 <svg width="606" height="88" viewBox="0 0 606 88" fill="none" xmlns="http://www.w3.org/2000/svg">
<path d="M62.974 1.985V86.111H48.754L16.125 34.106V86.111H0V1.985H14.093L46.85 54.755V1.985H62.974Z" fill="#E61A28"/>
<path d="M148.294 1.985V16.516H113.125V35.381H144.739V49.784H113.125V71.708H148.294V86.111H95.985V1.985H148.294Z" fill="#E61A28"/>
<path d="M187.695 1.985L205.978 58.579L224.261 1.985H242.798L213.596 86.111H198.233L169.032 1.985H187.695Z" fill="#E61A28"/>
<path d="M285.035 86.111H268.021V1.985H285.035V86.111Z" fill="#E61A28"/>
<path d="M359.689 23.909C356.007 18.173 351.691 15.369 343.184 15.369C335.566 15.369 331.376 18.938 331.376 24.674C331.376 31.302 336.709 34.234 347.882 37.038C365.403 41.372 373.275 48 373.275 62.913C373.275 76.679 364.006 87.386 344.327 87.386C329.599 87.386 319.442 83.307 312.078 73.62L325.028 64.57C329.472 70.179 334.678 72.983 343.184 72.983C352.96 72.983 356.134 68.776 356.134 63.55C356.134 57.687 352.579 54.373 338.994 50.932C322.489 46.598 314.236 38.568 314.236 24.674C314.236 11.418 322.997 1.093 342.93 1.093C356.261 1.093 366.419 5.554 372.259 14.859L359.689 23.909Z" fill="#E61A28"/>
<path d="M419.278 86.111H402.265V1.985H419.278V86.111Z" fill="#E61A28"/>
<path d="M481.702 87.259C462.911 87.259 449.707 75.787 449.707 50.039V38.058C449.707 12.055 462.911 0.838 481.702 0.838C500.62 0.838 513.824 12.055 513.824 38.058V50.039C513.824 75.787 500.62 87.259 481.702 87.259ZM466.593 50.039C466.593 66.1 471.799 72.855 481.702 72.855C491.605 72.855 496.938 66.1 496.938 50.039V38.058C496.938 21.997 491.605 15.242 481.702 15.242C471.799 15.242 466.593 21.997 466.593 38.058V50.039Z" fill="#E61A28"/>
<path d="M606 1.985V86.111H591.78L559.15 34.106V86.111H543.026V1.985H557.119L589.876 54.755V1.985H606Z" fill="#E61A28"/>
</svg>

—————

● **WORK TASK**: The "87.259C462.911 87.259 449.707" line through the last line above: set these down exactly and add nothing else.

● **COMPLETED TASK**:
<path d="M481.702 87.259C462.911 87.259 449.707 75.787 449.707 50.039V38.058C449.707 12.055 462.911 0.838 481.702 0.838C500.62 0.838 513.824 12.055 513.824 38.058V50.039C513.824 75.787 500.62 87.259 481.702 87.259ZM466.593 50.039C466.593 66.1 471.799 72.855 481.702 72.855C491.605 72.855 496.938 66.1 496.938 50.039V38.058C496.938 21.997 491.605 15.242 481.702 15.242C471.799 15.242 466.593 21.997 466.593 38.058V50.039Z" fill="#E61A28"/>
<path d="M606 1.985V86.111H591.78L559.15 34.106V86.111H543.026V1.985H557.119L589.876 54.755V1.985H606Z" fill="#E61A28"/>
</svg>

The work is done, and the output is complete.